Targeted Efficient Fine-tuning: Optimizing Parameter Updates with Data-Driven Sample Selection
This work addresses computational inefficiency in fine-tuning for NLP practitioners, but it is incremental as it builds on existing FISH Mask methods.
The paper tackles the problem of inefficient parameter selection in fine-tuning large language models by proposing the Iterative Range Decreasing (IRD) algorithm, which optimizes sample-parameter pair selection using Fisher information and achieves improved performance on the GLUE benchmark compared to baseline methods.

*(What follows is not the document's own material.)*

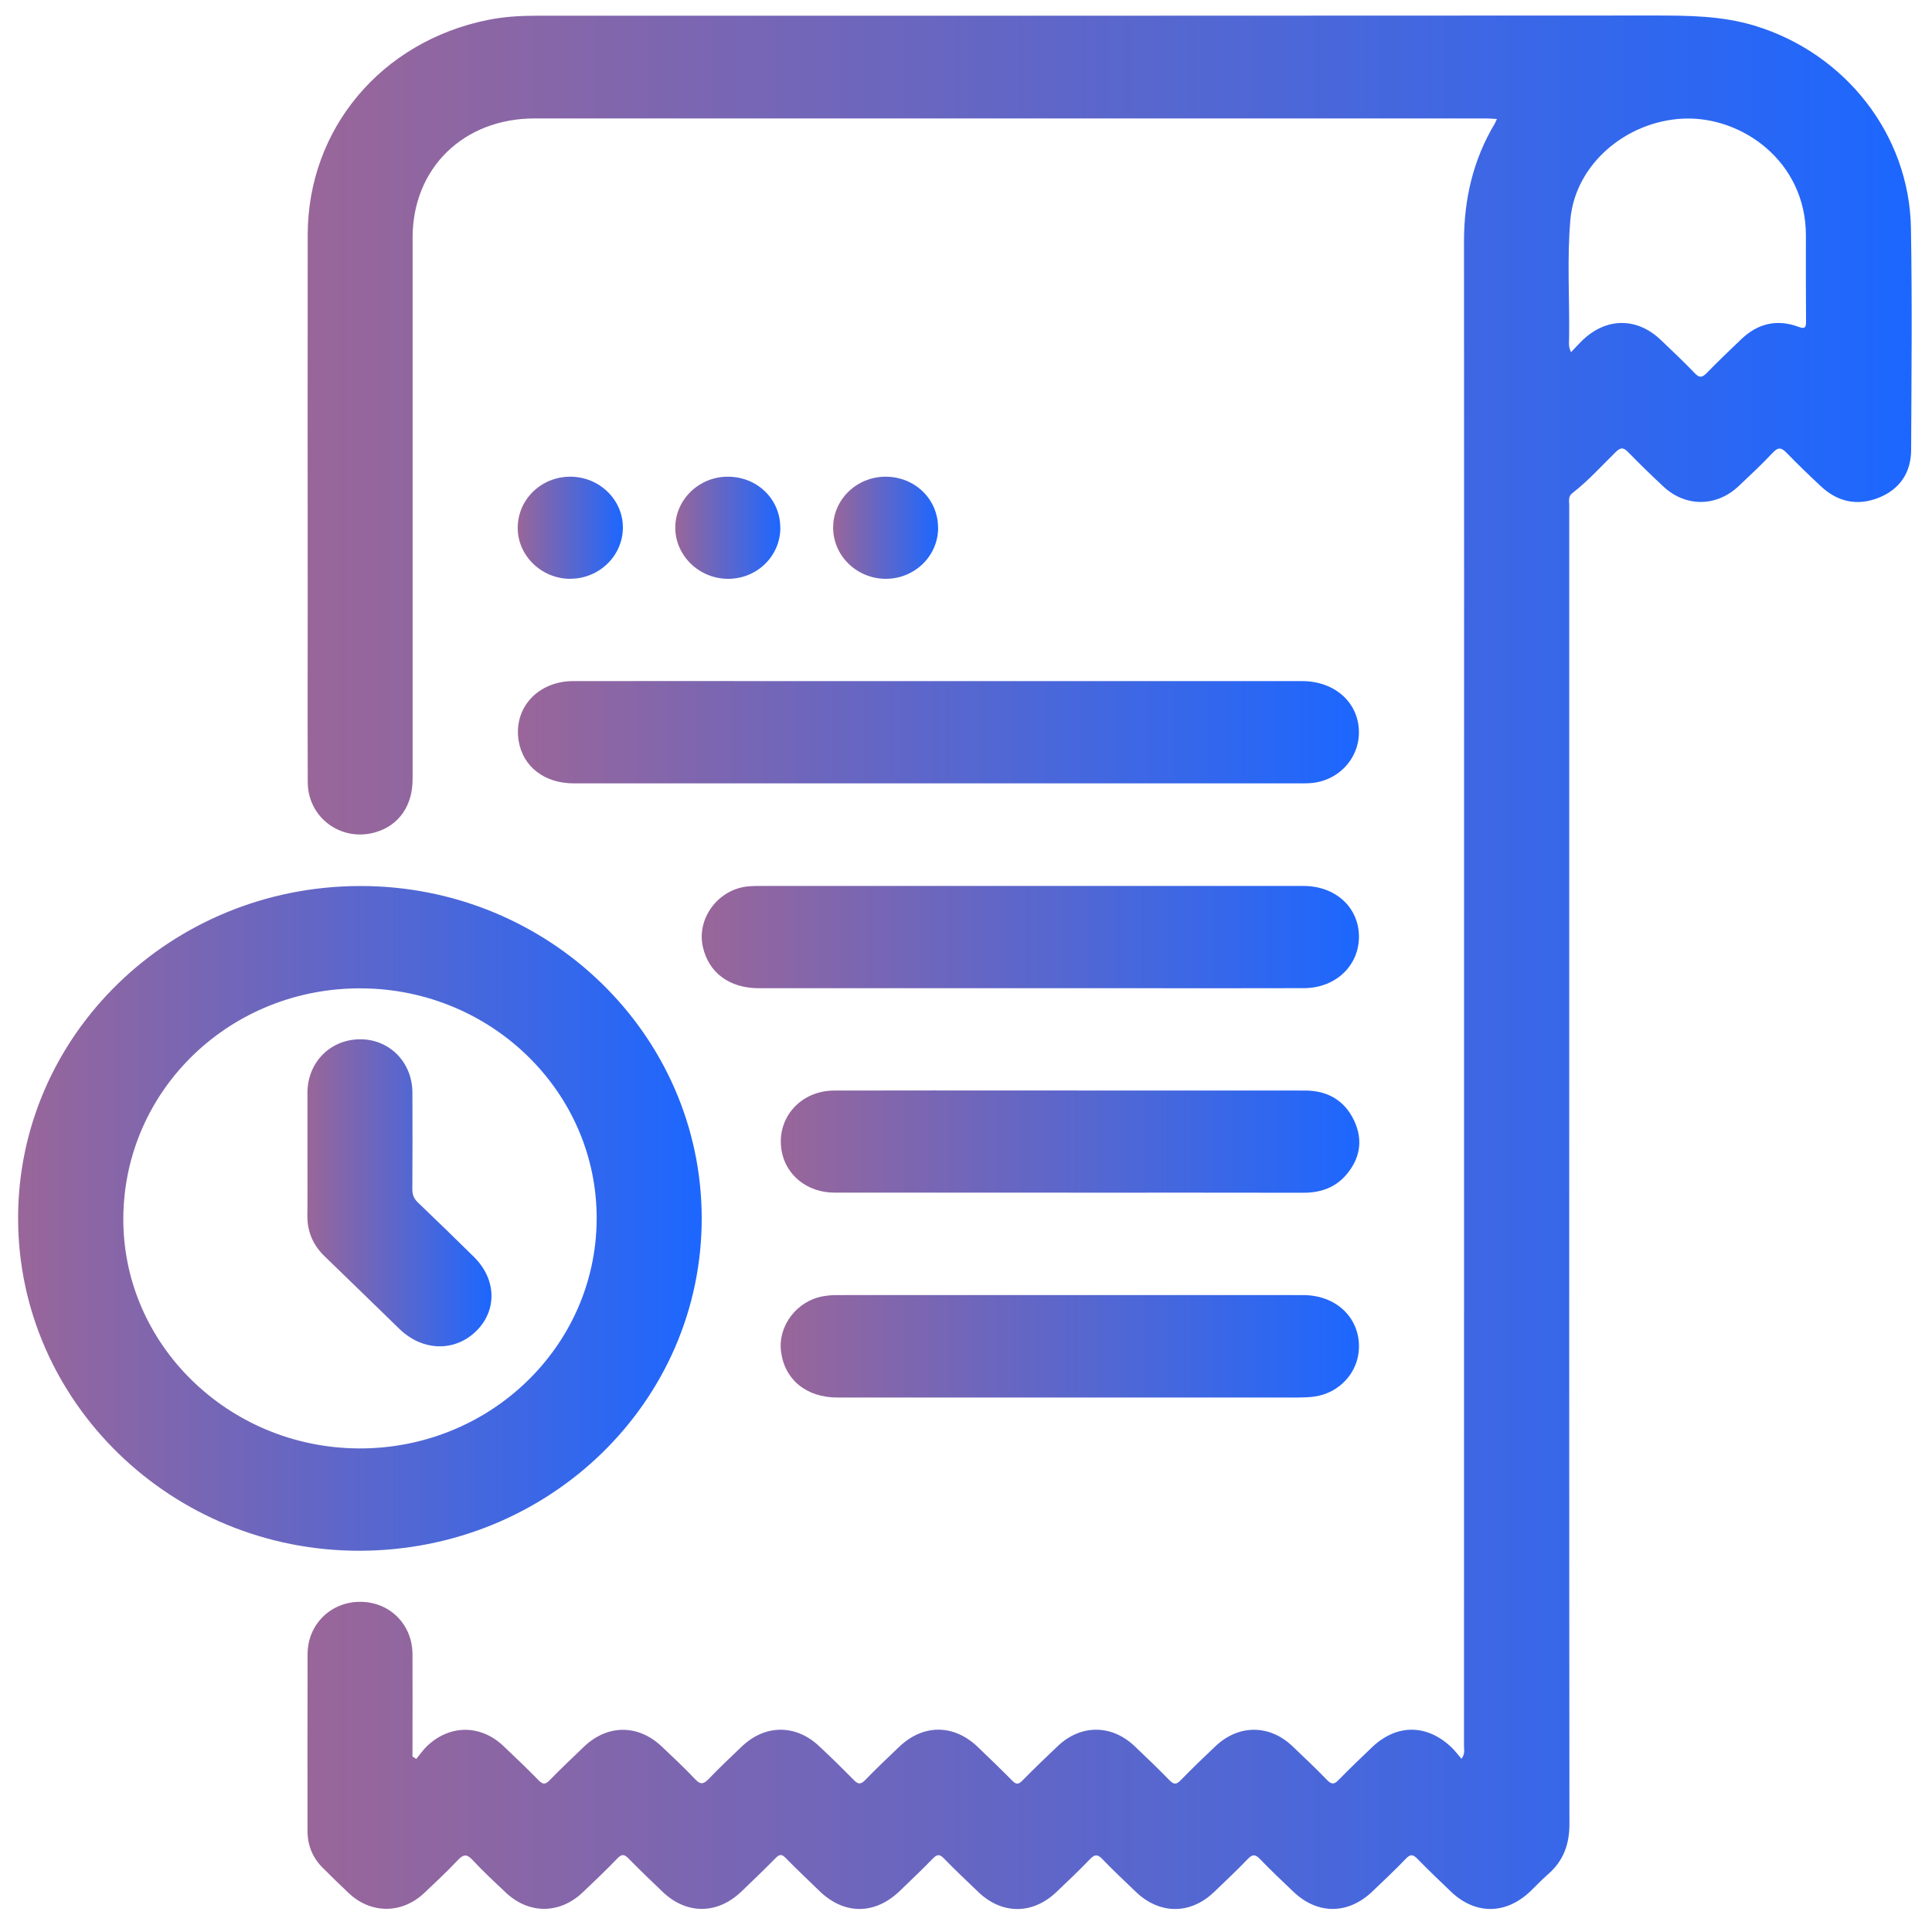 <svg xmlns="http://www.w3.org/2000/svg" xmlns:xlink="http://www.w3.org/1999/xlink" id="Layer_1" data-name="Layer 1" viewBox="0 0 300 300"><defs><style>      .cls-1 {        fill: url(#linear-gradient);      }      .cls-2 {        fill: url(#linear-gradient-8);      }      .cls-3 {        fill: url(#linear-gradient-9);      }      .cls-4 {        fill: url(#linear-gradient-3);      }      .cls-5 {        fill: url(#linear-gradient-4);      }      .cls-6 {        fill: url(#linear-gradient-2);      }      .cls-7 {        fill: url(#linear-gradient-6);      }      .cls-8 {        fill: url(#linear-gradient-7);      }      .cls-9 {        fill: url(#linear-gradient-5);      }      .cls-10 {        fill: url(#linear-gradient-10);      }    </style><linearGradient id="linear-gradient" x1="47.72" y1="149.45" x2="296.81" y2="149.45" gradientUnits="userSpaceOnUse"><stop offset="0" stop-color="#969"></stop><stop offset="1" stop-color="#1c67ff"></stop></linearGradient><linearGradient id="linear-gradient-2" x1="2.81" y1="189.19" x2="108.96" y2="189.19" xlink:href="#linear-gradient"></linearGradient><linearGradient id="linear-gradient-3" x1="80.42" y1="113.69" x2="211.01" y2="113.69" xlink:href="#linear-gradient"></linearGradient><linearGradient id="linear-gradient-4" x1="108.96" y1="145.52" x2="211.01" y2="145.52" xlink:href="#linear-gradient"></linearGradient><linearGradient id="linear-gradient-5" x1="121.22" y1="209.05" x2="211.01" y2="209.05" xlink:href="#linear-gradient"></linearGradient><linearGradient id="linear-gradient-6" x1="121.24" y1="177.26" x2="211.06" y2="177.26" xlink:href="#linear-gradient"></linearGradient><linearGradient id="linear-gradient-7" x1="80.39" y1="81.96" x2="96.72" y2="81.96" xlink:href="#linear-gradient"></linearGradient><linearGradient id="linear-gradient-8" x1="129.38" y1="81.95" x2="145.67" y2="81.95" xlink:href="#linear-gradient"></linearGradient><linearGradient id="linear-gradient-9" x1="104.87" y1="81.95" x2="121.17" y2="81.95" xlink:href="#linear-gradient"></linearGradient><linearGradient id="linear-gradient-10" x1="47.72" y1="185.21" x2="76.31" y2="185.21" xlink:href="#linear-gradient"></linearGradient></defs><g id="_4KbvHk.tif" data-name="4KbvHk.tif"><g><path class="cls-1" d="m64.61,273.16c.57-.68,1.07-1.43,1.71-2.04,3.52-3.34,8.3-3.35,11.82-.03,1.87,1.76,3.72,3.55,5.52,5.38.63.64,1.02.64,1.65,0,1.76-1.79,3.58-3.54,5.4-5.27,3.65-3.46,8.4-3.46,12.06.01,1.75,1.66,3.52,3.31,5.17,5.06.85.91,1.33.77,2.12-.05,1.67-1.74,3.42-3.4,5.17-5.06,3.6-3.41,8.33-3.42,11.94-.04,1.84,1.72,3.64,3.48,5.4,5.27.67.68,1.07.74,1.77.02,1.71-1.77,3.5-3.46,5.29-5.17,3.7-3.54,8.46-3.54,12.17,0,1.82,1.74,3.63,3.49,5.4,5.28.57.58.94.59,1.52,0,1.8-1.83,3.65-3.61,5.52-5.38,3.57-3.4,8.36-3.4,11.94,0,1.83,1.73,3.64,3.48,5.4,5.28.67.68,1.06.74,1.75.02,1.75-1.81,3.57-3.54,5.4-5.28,3.58-3.4,8.36-3.42,11.94-.03,1.83,1.73,3.65,3.47,5.4,5.27.67.69,1.08.72,1.77.01,1.68-1.73,3.43-3.39,5.17-5.06,3.83-3.68,8.55-3.68,12.4,0,.53.51.97,1.1,1.53,1.75.58-.77.39-1.4.39-1.97.01-42.98.01-85.96.01-128.93,0-34.91.02-69.82-.01-104.73,0-6.5,1.39-12.6,4.76-18.25.1-.17.17-.36.35-.74-.66-.04-1.21-.09-1.76-.09-49.22,0-98.43-.01-147.65,0-11.07,0-18.96,7.73-18.96,18.51,0,28.03,0,56.06,0,84.09,0,4.12-2.12,7.15-5.69,8.22-5.33,1.6-10.57-2.19-10.59-7.74-.04-9.31-.01-18.62-.01-27.93,0-19.03-.03-38.06,0-57.1.03-16.44,11.42-29.98,27.95-33.34,2.51-.51,5.05-.66,7.61-.66,57.83,0,115.65.01,173.48-.03,5.28,0,10.51.03,15.61,1.57,14.12,4.28,24.06,16.94,24.3,31.45.2,11.48.08,22.96.03,34.44-.02,3.47-1.71,6.09-5.04,7.42-3.32,1.32-6.37.65-8.96-1.77-1.8-1.68-3.58-3.39-5.29-5.16-.81-.84-1.32-1.01-2.21-.05-1.68,1.8-3.49,3.48-5.28,5.17-3.44,3.26-8.26,3.29-11.71.05-1.84-1.72-3.65-3.47-5.4-5.27-.73-.75-1.15-.88-1.99-.06-2.2,2.17-4.28,4.47-6.73,6.38-.68.53-.48,1.22-.48,1.86-.01,19.24,0,38.48,0,57.72,0,49.03-.02,98.06.03,147.09,0,3.17-.95,5.75-3.38,7.84-.95.82-1.8,1.75-2.72,2.62-3.8,3.61-8.53,3.62-12.3.02-1.74-1.67-3.49-3.33-5.17-5.06-.68-.7-1.1-.83-1.84-.04-1.66,1.74-3.43,3.39-5.17,5.06-3.78,3.62-8.53,3.64-12.29.05-1.74-1.67-3.51-3.32-5.17-5.06-.8-.84-1.24-.72-1.97.05-1.67,1.74-3.43,3.39-5.17,5.06-3.68,3.53-8.46,3.52-12.16-.04-1.74-1.67-3.51-3.32-5.17-5.06-.79-.83-1.24-.73-1.98.04-1.67,1.74-3.42,3.4-5.17,5.06-3.72,3.54-8.49,3.52-12.17-.04-1.77-1.71-3.58-3.39-5.29-5.17-.71-.73-1.09-.63-1.74.03-1.68,1.72-3.43,3.39-5.17,5.06-3.86,3.68-8.59,3.67-12.41-.02-1.77-1.71-3.56-3.41-5.29-5.17-.58-.59-.93-.56-1.49,0-1.77,1.79-3.58,3.54-5.4,5.28-3.72,3.53-8.48,3.54-12.18.01-1.79-1.7-3.56-3.41-5.29-5.17-.64-.66-1.02-.77-1.73-.04-1.74,1.81-3.57,3.55-5.39,5.28-3.58,3.4-8.36,3.42-11.95.04-1.76-1.66-3.53-3.3-5.16-5.06-.94-1.01-1.46-.86-2.32.05-1.65,1.75-3.42,3.4-5.17,5.06-3.45,3.27-8.26,3.29-11.71.06-1.38-1.29-2.72-2.62-4.06-3.95-1.6-1.59-2.37-3.52-2.37-5.74,0-9.15-.02-18.31.01-27.46.01-4.62,3.63-8.15,8.23-8.11,4.54.03,8.03,3.51,8.06,8.1.03,4.81,0,9.62,0,14.43,0,.5,0,1,0,1.5.19.12.38.24.57.35ZM243.96,54.68c.68-.72,1.2-1.3,1.76-1.84,3.71-3.56,8.46-3.59,12.16-.06,1.78,1.7,3.58,3.39,5.28,5.17.75.79,1.17.67,1.87-.04,1.76-1.8,3.57-3.55,5.4-5.28,2.51-2.38,5.46-3.12,8.78-1.9,1.04.38,1.24.19,1.23-.84-.04-4.45-.02-8.89-.02-13.34,0-11.52-9.98-18.54-19.04-18.13-8.86.4-16.77,7.08-17.53,15.67-.54,6.14-.11,12.3-.2,18.45,0,.6-.15,1.23.3,2.13Z"></path><path class="cls-6" d="m55.8,137.58c29.25-.1,53.08,22.97,53.16,51.48.08,28.54-23.62,51.66-53.05,51.74-29.2.08-53.05-23.08-53.1-51.56-.05-28.45,23.65-51.56,52.99-51.66Zm-36.65,51.54c-.13,19.55,16.24,35.62,36.44,35.79,20.32.16,36.91-15.72,37.06-35.5.15-19.67-16.19-35.78-36.45-35.94-20.41-.16-36.92,15.73-37.05,35.65Z"></path><path class="cls-4" d="m145.82,121.64c-18.91,0-37.83,0-56.74,0-4.54,0-7.88-2.6-8.54-6.58-.85-5.09,2.94-9.29,8.47-9.3,11.48-.02,22.95,0,34.43,0,26.24,0,52.49,0,78.73,0,5.21,0,8.95,3.47,8.84,8.16-.09,4.05-3.34,7.39-7.49,7.68-.69.05-1.38.04-2.07.04-18.54,0-37.08,0-55.62,0Z"></path><path class="cls-5" d="m159.99,137.57c14.14,0,28.27-.01,42.41,0,4.88,0,8.44,3.18,8.61,7.56.18,4.66-3.5,8.29-8.52,8.31-8.72.03-17.43.01-26.15.01-19.5,0-39.01,0-58.51,0-4.58,0-7.81-2.42-8.7-6.46-.97-4.41,2.41-8.92,7.02-9.35.74-.07,1.49-.07,2.23-.07,13.87,0,27.74,0,41.61,0Z"></path><path class="cls-9" d="m166.23,217.01c-12.06,0-24.12.01-36.17,0-4.89,0-8.28-2.82-8.79-7.23-.46-3.94,2.48-7.78,6.51-8.49.68-.12,1.37-.19,2.06-.19,24.17,0,48.34-.02,72.51,0,5.12,0,8.77,3.5,8.67,8.15-.08,3.81-2.98,7.04-6.87,7.6-.84.12-1.69.15-2.54.16-11.79,0-23.58,0-35.38,0Z"></path><path class="cls-7" d="m166.22,185.19c-12.22,0-24.43.01-36.65,0-4.18,0-7.51-2.67-8.19-6.43-.91-5.04,2.83-9.4,8.14-9.42,10.15-.03,20.29-.01,30.44-.01,14.24,0,28.47,0,42.71.01,3.52,0,6.15,1.58,7.61,4.69,1.43,3.06.9,5.98-1.35,8.52-1.7,1.91-3.94,2.66-6.53,2.66-12.06-.03-24.12-.01-36.17-.01Z"></path><path class="cls-8" d="m88.58,89.88c-4.51.01-8.24-3.62-8.19-8,.05-4.36,3.66-7.85,8.14-7.86,4.55,0,8.24,3.59,8.19,7.97-.05,4.35-3.69,7.87-8.15,7.88Z"></path><path class="cls-2" d="m145.67,81.99c-.02,4.36-3.64,7.88-8.11,7.89-4.52,0-8.21-3.59-8.19-7.99.02-4.35,3.66-7.86,8.13-7.87,4.58,0,8.18,3.51,8.16,7.97Z"></path><path class="cls-3" d="m121.17,81.96c0,4.37-3.59,7.9-8.07,7.92-4.51.02-8.25-3.58-8.24-7.96,0-4.33,3.66-7.88,8.11-7.9,4.59-.02,8.2,3.47,8.19,7.93Z"></path><path class="cls-10" d="m47.74,179.25c0-3.2-.01-6.41,0-9.61.03-4.66,3.5-8.2,8.09-8.26,4.61-.06,8.19,3.53,8.21,8.28.02,5.01.02,10.03-.01,15.04,0,.84.25,1.44.87,2.03,2.92,2.79,5.81,5.6,8.68,8.43,3.55,3.49,3.65,8.38.28,11.61-3.32,3.18-8.27,3.03-11.81-.39-3.88-3.75-7.73-7.54-11.62-11.28-1.84-1.77-2.73-3.87-2.7-6.39.04-3.15.01-6.31.01-9.46Z"></path></g></g></svg>

Fine-tuning all parameters of Large Language Models (LLMs) is computationally expensive. Parameter-Efficient Fine-Tuning (PEFT) methods address this by selectively fine-tuning specific parameters. Most of the parameter efficient fine-tuning (PEFT) methods center on selecting or introducing a set of parameters to be fine-tuned. However, there are few methods that consider the impact of data samples on parameter selecting. Representative data driven methods include FISH Mask based method, which randomly selects a portion of data samples as a basis when selecting parameters. However, this random data sample selection method cannot select optimal parameters for unstable data distribution. In this work, we introduce a data-centric approach and propose the Iterative Range Decreasing (IRD) algorithm to optimize the sample-parameter pair selection in FISH Mask. IRD iteratively refines the selection by identifying subsets of samples and parameters exhibiting higher Fisher information. We demonstrate the effectiveness and rationality of proposed strategy by conducting experiments on GLUE benchmark. Experimental results show our strategy optimizes the parameter selection and achieves preferable performance over some typical baseline methods.